**What is being asked:**
Find the word "Sappeurs" in the records below. List each line containing it.

Stored data:
*-*-*

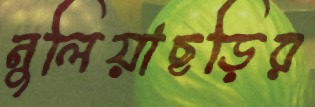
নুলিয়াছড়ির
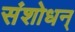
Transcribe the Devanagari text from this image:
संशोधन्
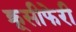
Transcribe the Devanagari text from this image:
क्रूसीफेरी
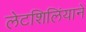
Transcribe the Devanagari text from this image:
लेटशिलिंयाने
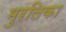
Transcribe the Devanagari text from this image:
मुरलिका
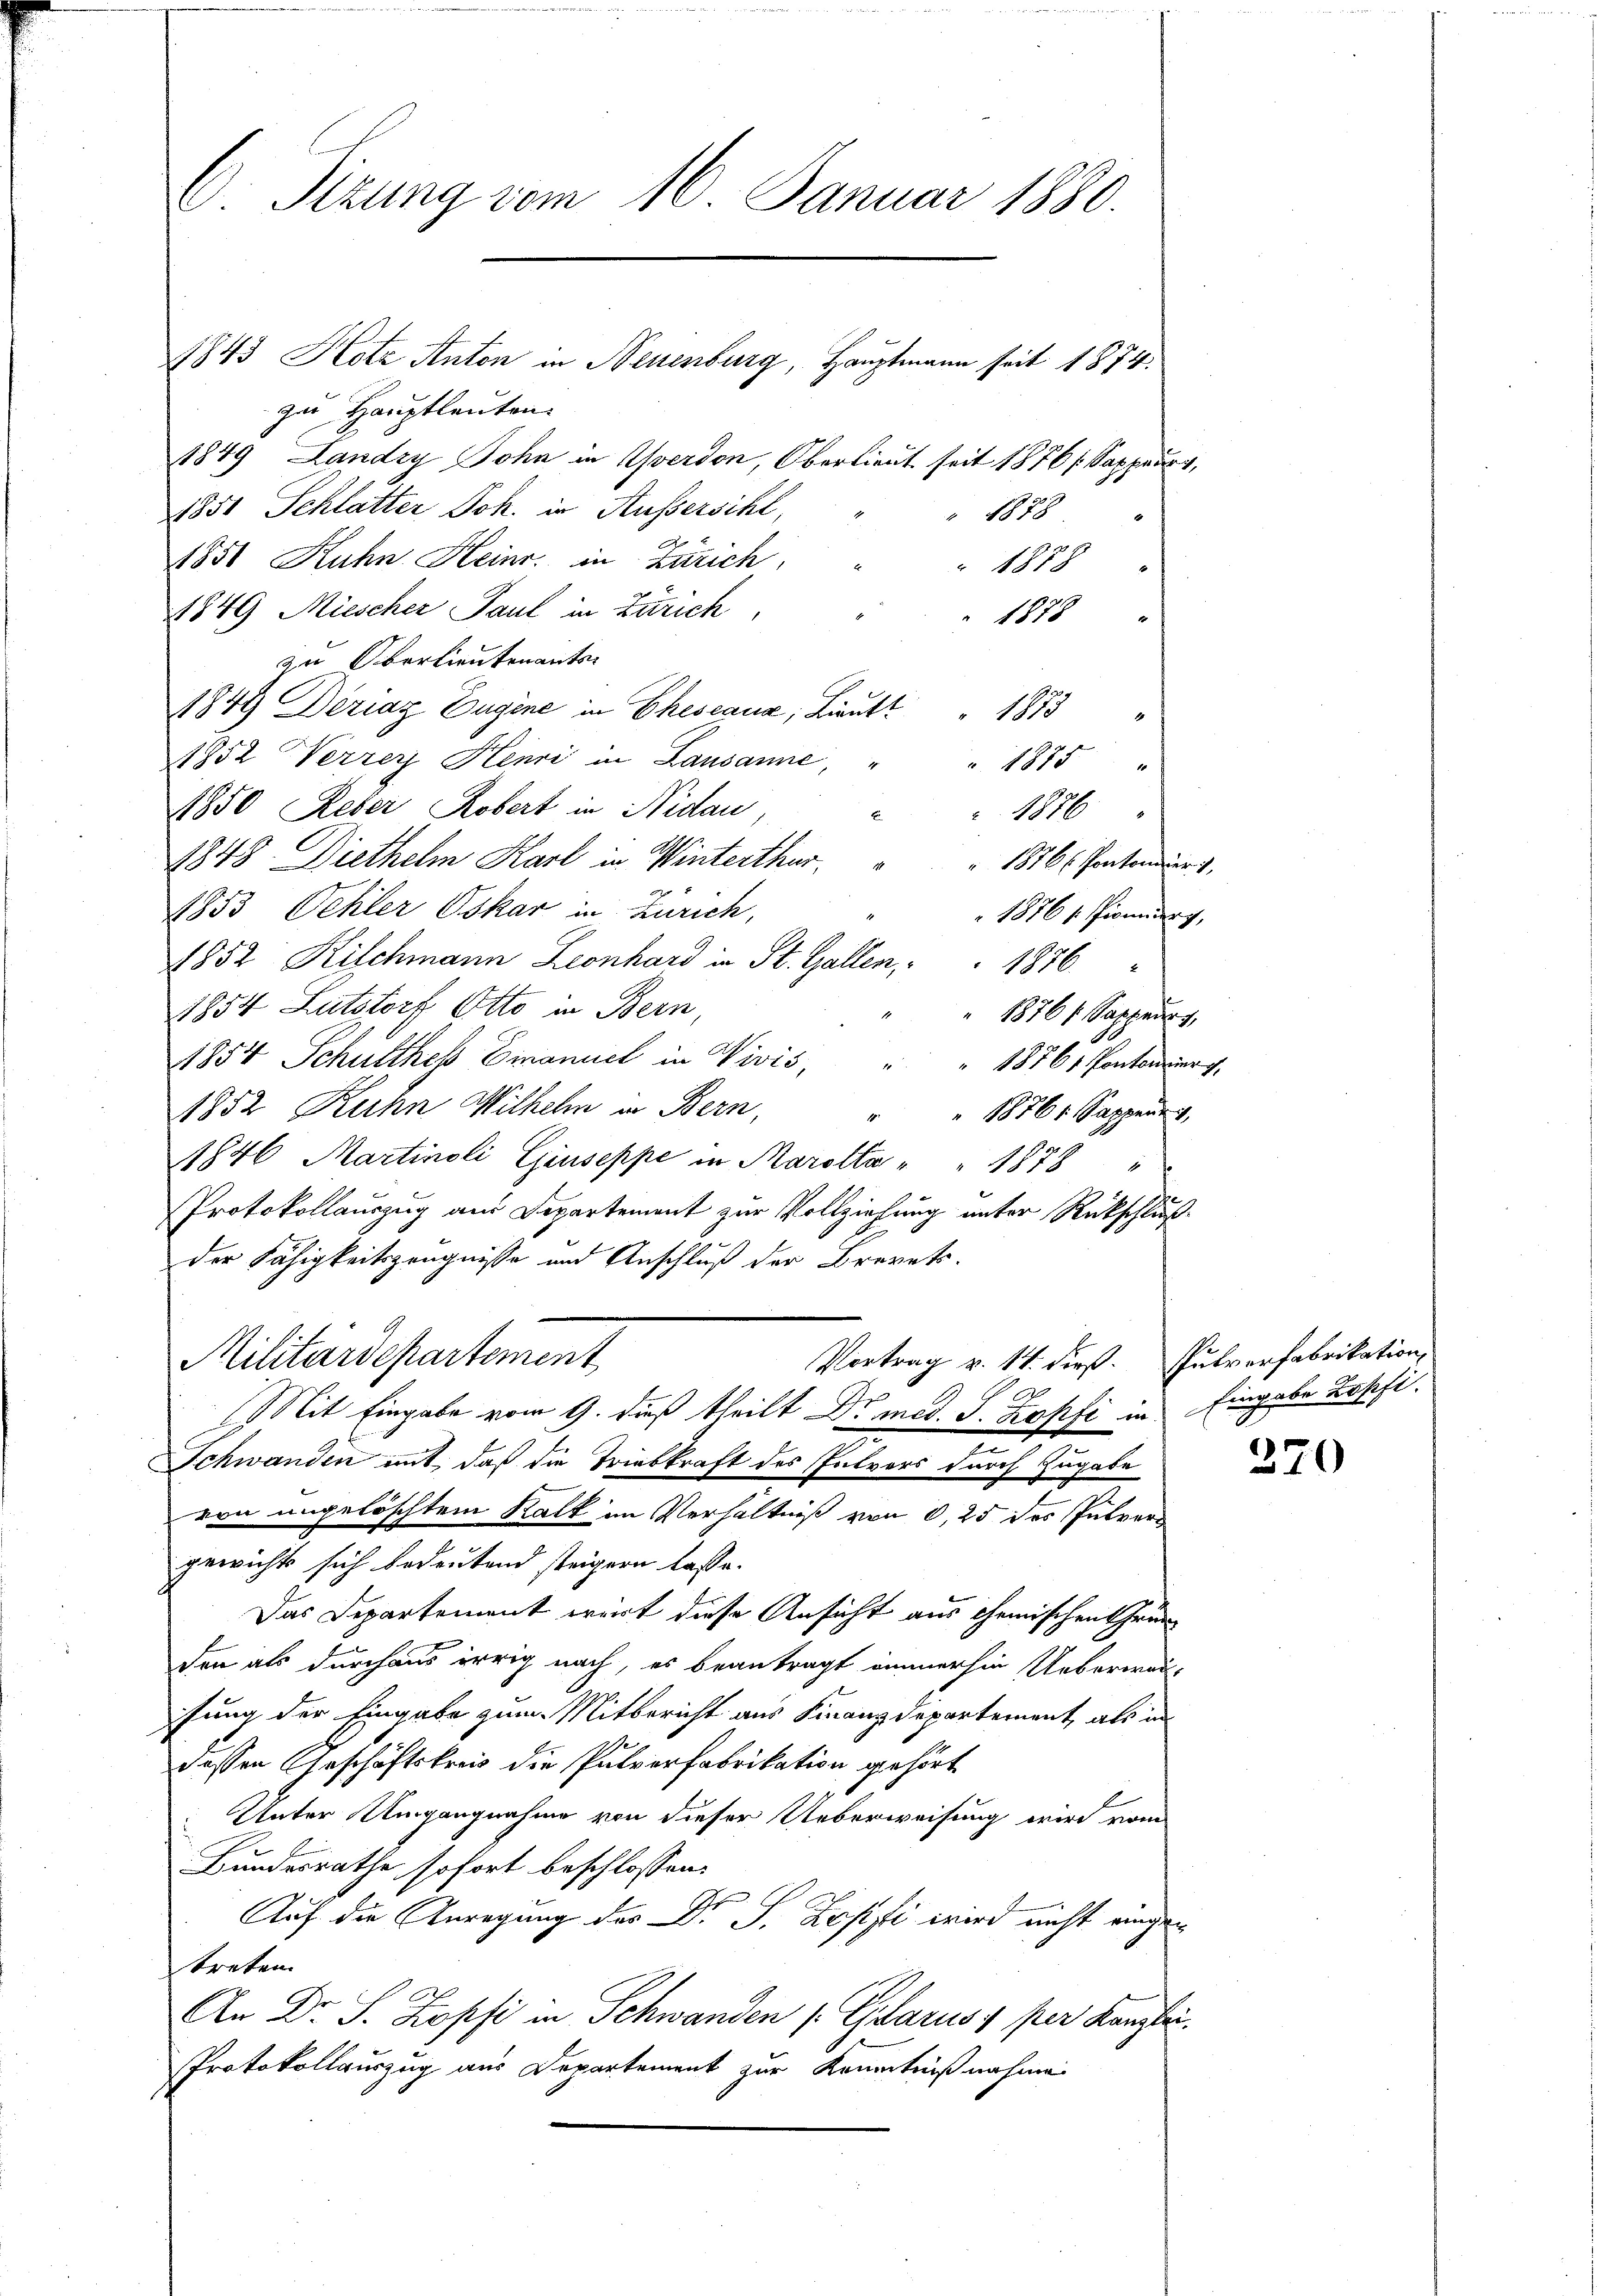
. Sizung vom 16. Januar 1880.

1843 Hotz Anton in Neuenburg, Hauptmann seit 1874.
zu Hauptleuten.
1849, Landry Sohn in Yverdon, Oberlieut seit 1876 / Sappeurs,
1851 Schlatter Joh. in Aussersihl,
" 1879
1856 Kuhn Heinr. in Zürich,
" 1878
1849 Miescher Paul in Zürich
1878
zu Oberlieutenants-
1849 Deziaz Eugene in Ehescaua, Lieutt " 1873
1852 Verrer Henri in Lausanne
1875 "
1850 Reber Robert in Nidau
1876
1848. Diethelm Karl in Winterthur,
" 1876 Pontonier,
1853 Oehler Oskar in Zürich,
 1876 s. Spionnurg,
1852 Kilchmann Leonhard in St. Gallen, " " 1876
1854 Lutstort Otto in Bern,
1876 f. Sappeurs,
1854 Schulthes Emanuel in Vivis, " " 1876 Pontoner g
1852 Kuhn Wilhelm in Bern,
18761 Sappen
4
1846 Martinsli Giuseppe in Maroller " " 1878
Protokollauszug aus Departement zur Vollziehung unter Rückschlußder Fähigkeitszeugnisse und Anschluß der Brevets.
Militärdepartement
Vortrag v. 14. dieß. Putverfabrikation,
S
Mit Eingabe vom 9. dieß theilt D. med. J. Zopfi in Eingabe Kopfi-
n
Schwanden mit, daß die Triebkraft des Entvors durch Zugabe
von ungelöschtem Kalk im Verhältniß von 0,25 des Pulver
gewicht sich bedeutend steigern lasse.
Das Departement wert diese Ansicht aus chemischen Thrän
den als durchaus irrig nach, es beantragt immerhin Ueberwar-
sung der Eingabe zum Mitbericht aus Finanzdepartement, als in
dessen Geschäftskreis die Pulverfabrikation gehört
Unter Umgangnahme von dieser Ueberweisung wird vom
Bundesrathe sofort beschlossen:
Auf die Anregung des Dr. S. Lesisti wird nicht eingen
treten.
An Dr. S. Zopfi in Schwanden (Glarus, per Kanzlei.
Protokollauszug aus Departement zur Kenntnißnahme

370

*-*-*

**Response below:**
1849, Landry Sohn in Yverdon, Oberlieut seit 1876 / Sappeurs,
1876 f. Sappeurs,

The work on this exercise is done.